■ **Exercise**
Within the records below, how many lines hold the string "soil"? State that number and nothing else.

■ **Data records**
[Start of Attachment]

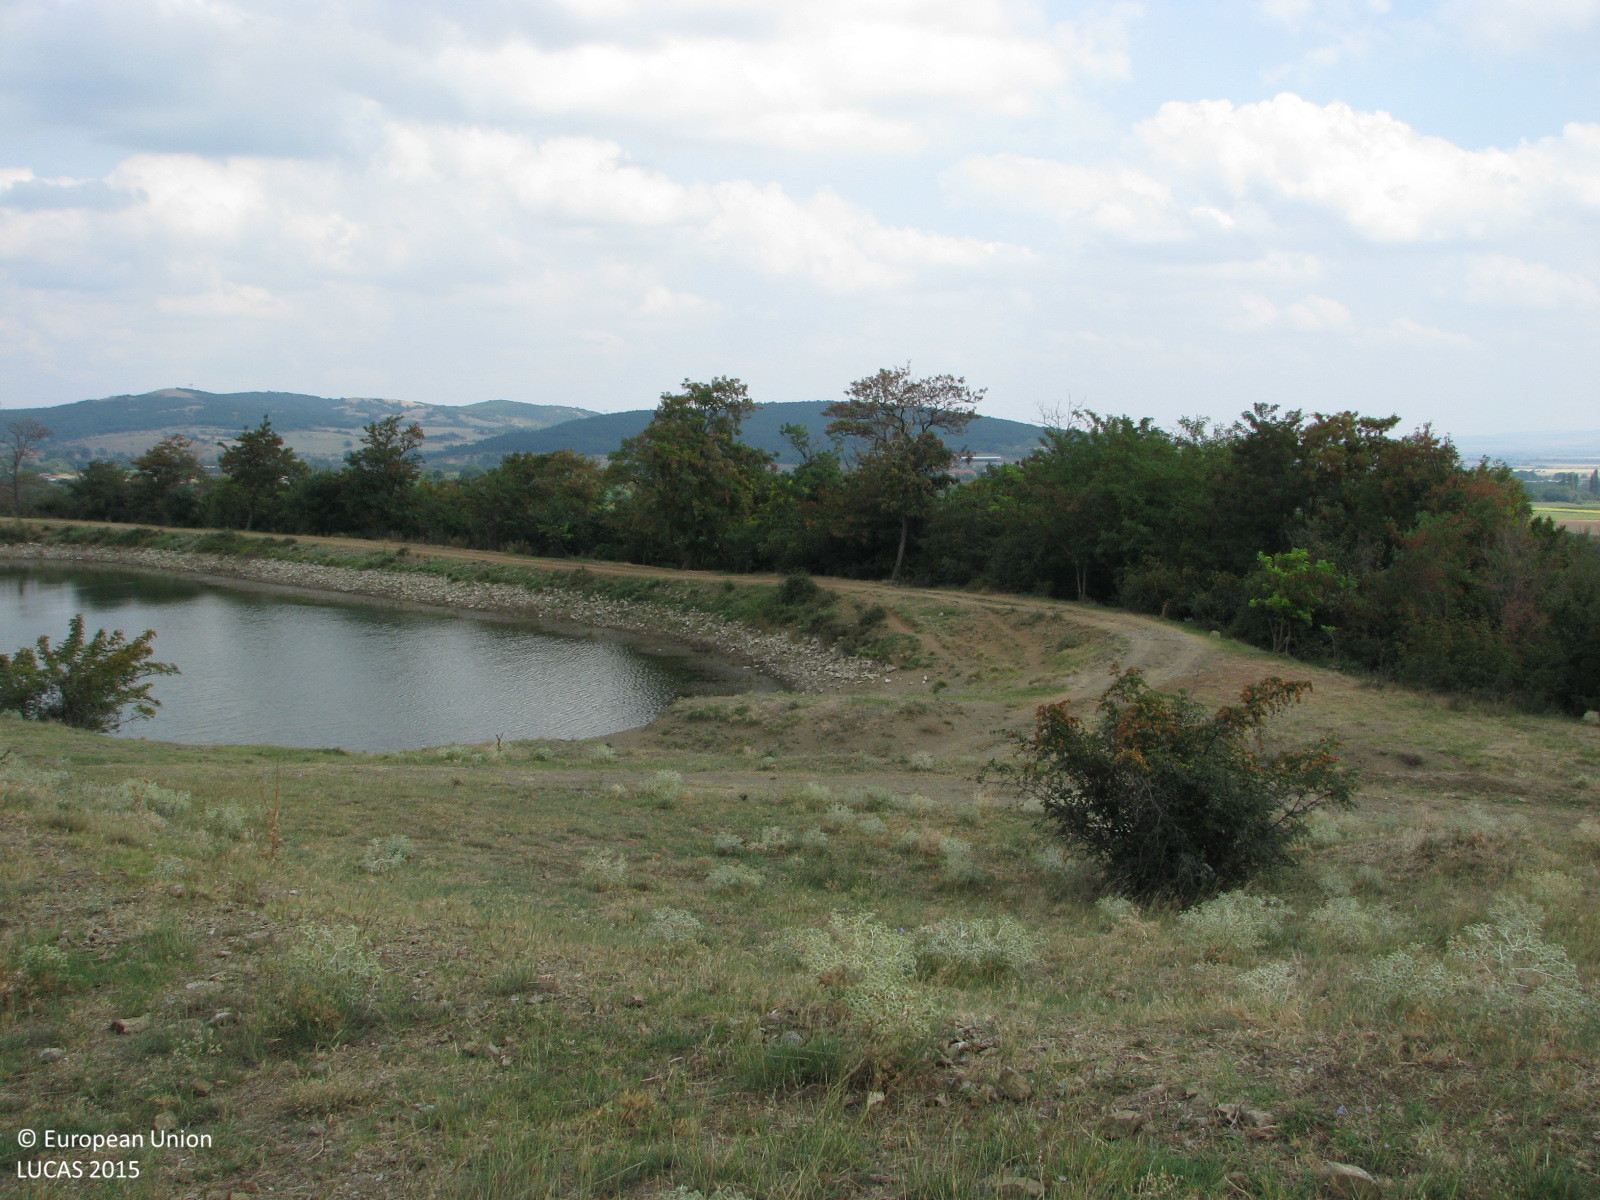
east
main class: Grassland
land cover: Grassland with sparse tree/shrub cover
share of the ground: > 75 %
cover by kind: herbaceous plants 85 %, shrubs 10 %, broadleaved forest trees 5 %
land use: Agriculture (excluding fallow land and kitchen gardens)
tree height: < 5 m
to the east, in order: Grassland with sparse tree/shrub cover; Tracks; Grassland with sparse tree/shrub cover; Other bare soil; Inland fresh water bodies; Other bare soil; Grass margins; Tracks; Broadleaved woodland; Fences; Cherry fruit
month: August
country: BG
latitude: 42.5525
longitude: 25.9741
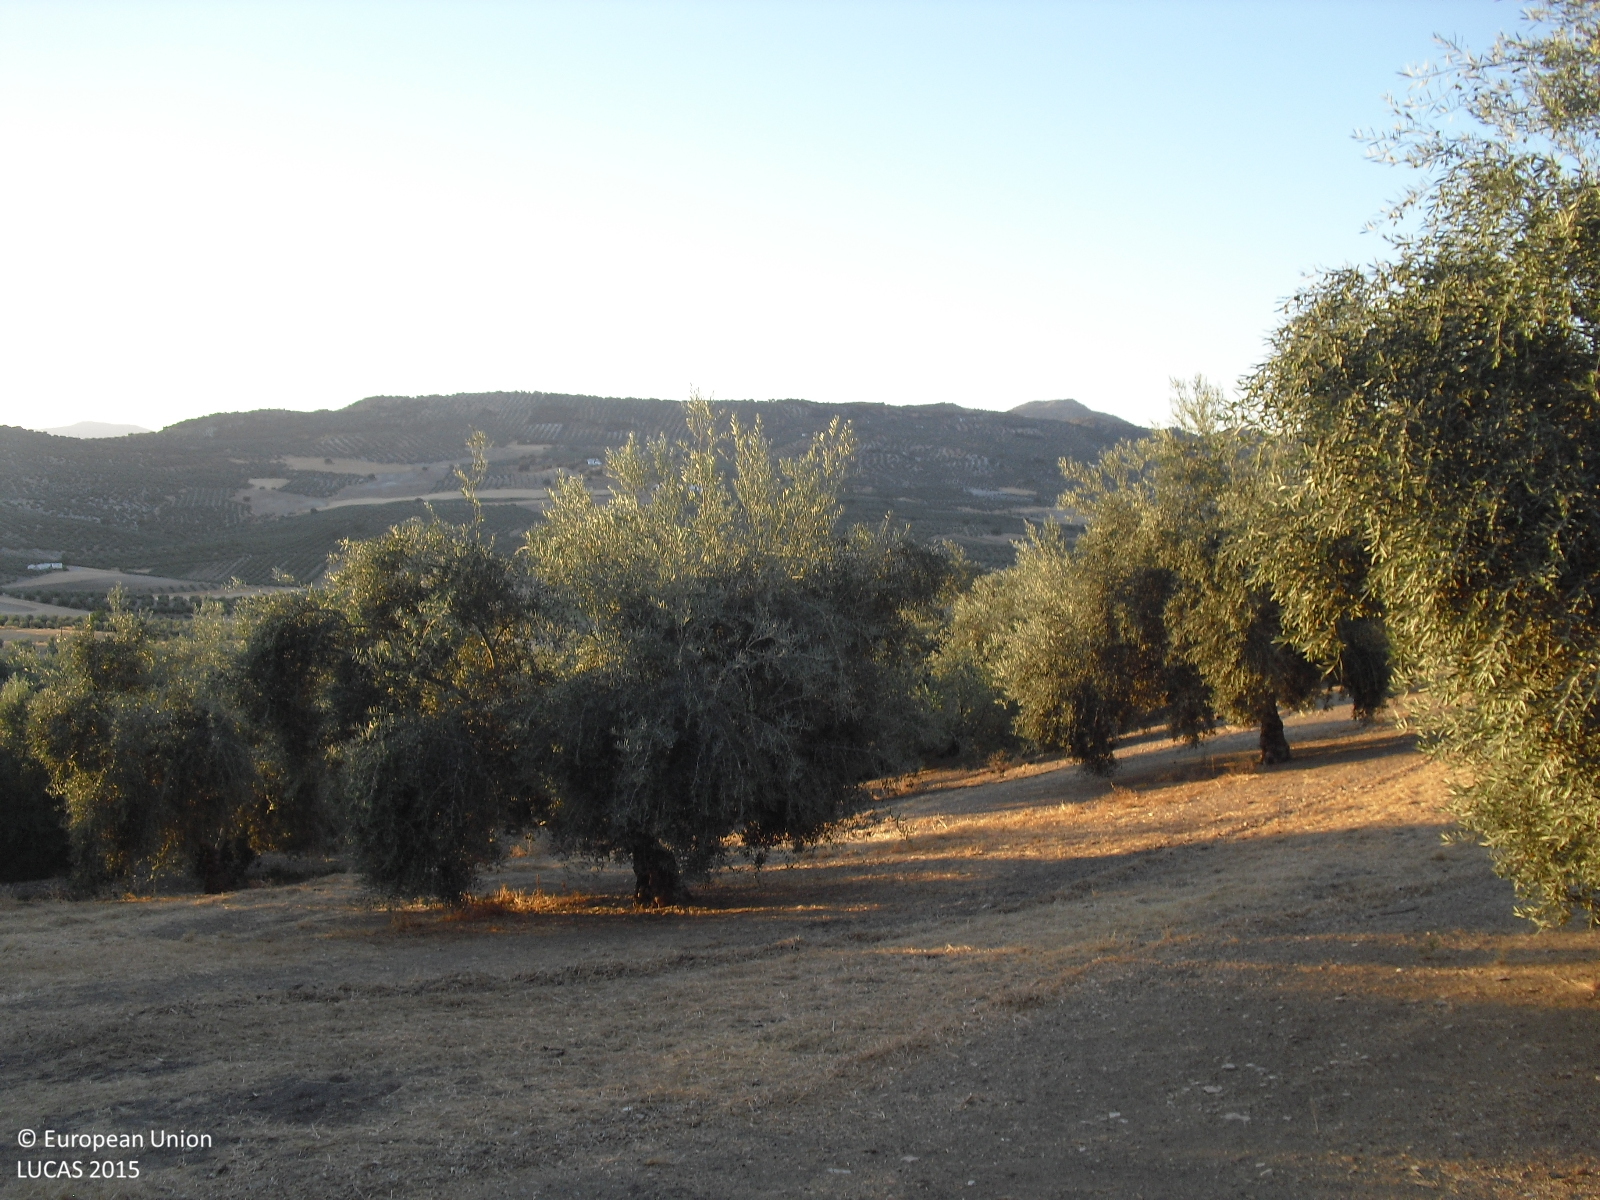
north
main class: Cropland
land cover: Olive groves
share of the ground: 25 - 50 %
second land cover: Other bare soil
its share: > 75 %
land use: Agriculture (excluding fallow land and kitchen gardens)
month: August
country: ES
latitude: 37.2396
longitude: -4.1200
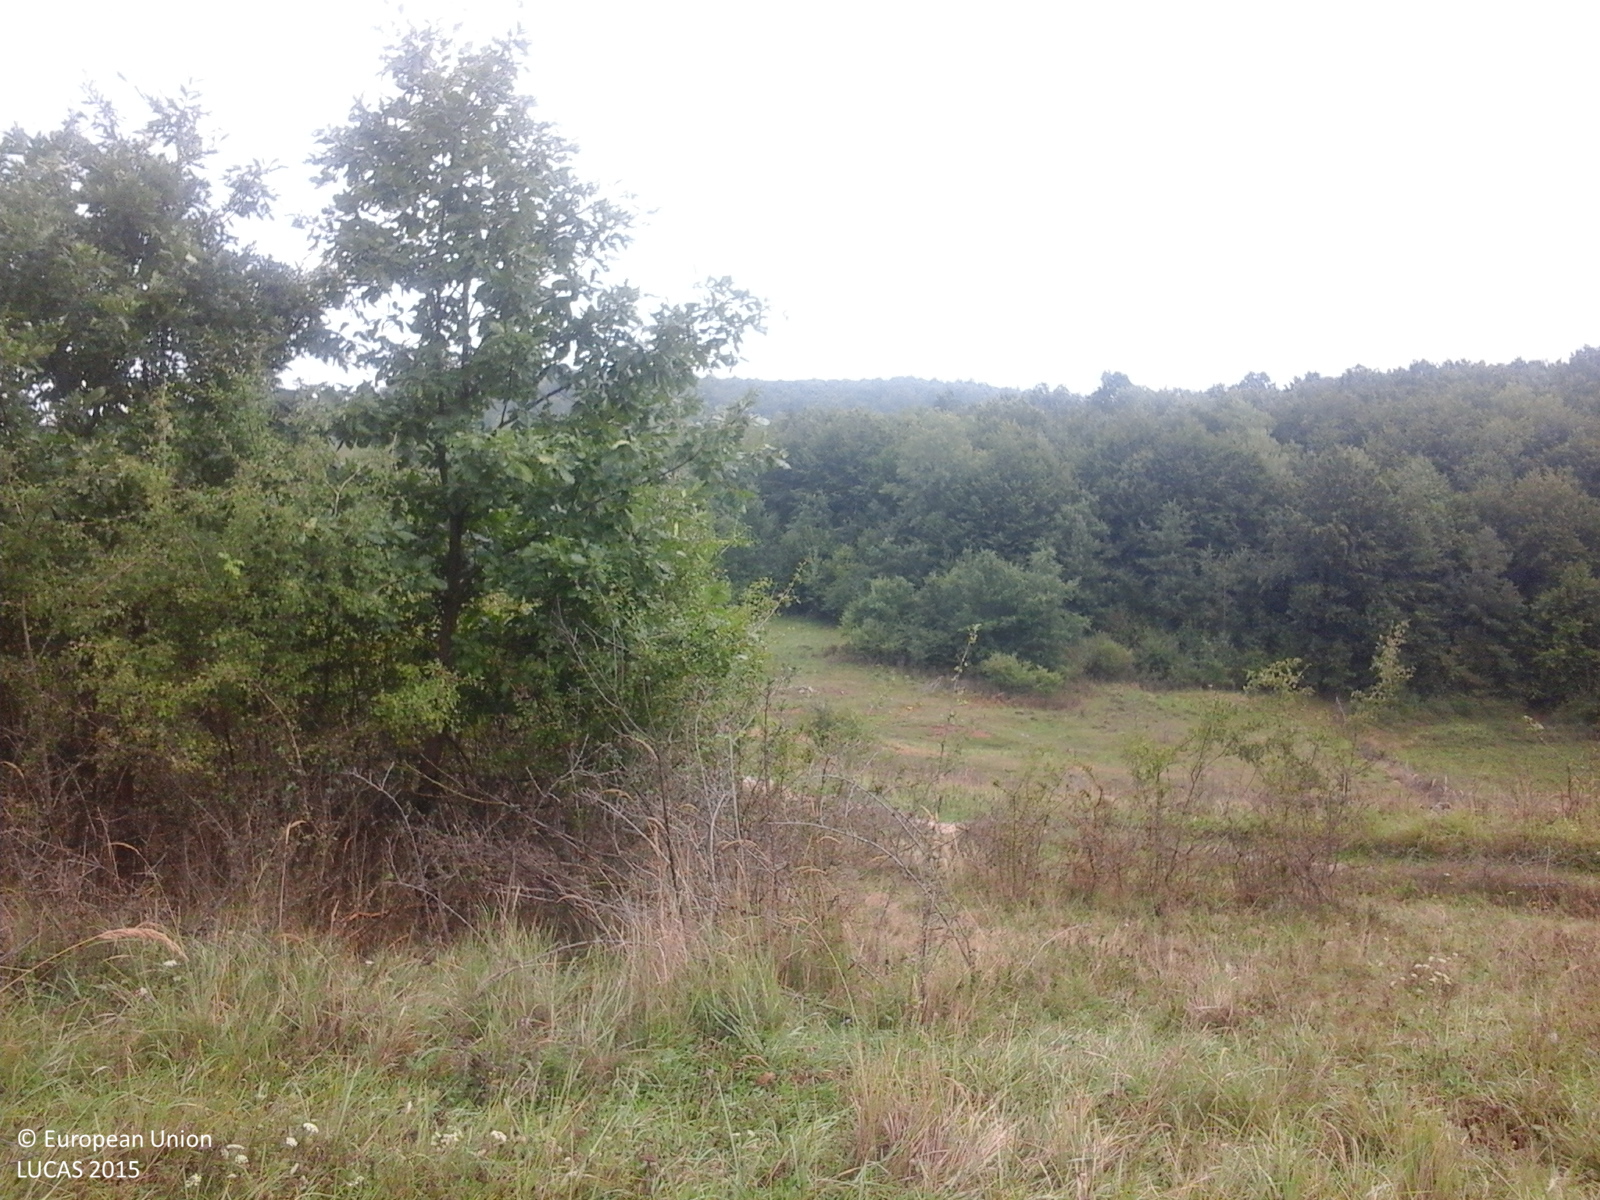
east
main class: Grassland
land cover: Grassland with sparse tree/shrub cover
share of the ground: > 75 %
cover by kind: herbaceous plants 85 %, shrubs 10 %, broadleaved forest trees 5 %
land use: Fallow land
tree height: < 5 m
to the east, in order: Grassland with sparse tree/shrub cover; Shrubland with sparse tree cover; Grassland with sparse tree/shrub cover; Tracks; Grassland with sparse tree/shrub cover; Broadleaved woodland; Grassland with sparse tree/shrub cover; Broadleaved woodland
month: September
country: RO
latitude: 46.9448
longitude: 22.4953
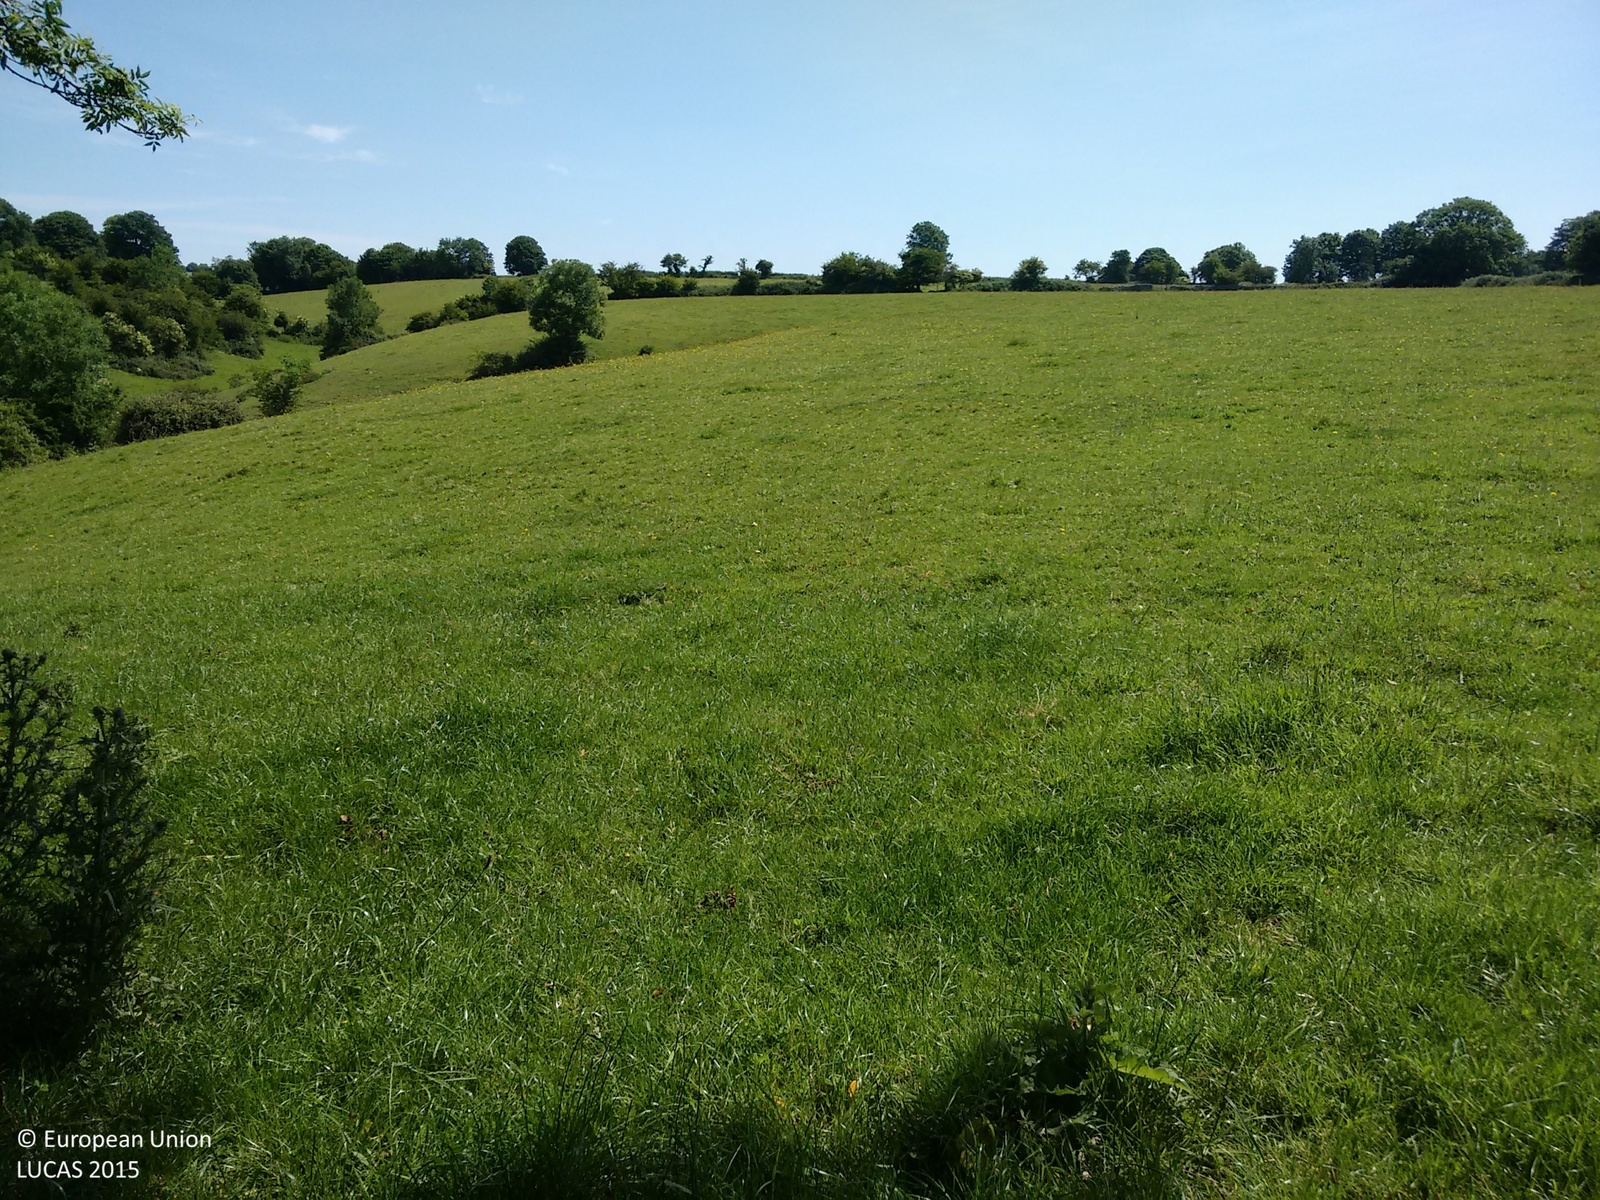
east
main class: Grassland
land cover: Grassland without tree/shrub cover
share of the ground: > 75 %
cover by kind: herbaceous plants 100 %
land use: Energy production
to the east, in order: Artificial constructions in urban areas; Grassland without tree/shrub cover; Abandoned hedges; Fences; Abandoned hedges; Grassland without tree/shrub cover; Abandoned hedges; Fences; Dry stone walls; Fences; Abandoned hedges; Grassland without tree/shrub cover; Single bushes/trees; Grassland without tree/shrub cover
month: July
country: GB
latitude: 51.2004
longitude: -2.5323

[End of Attachment]

■ **Output for this task**
2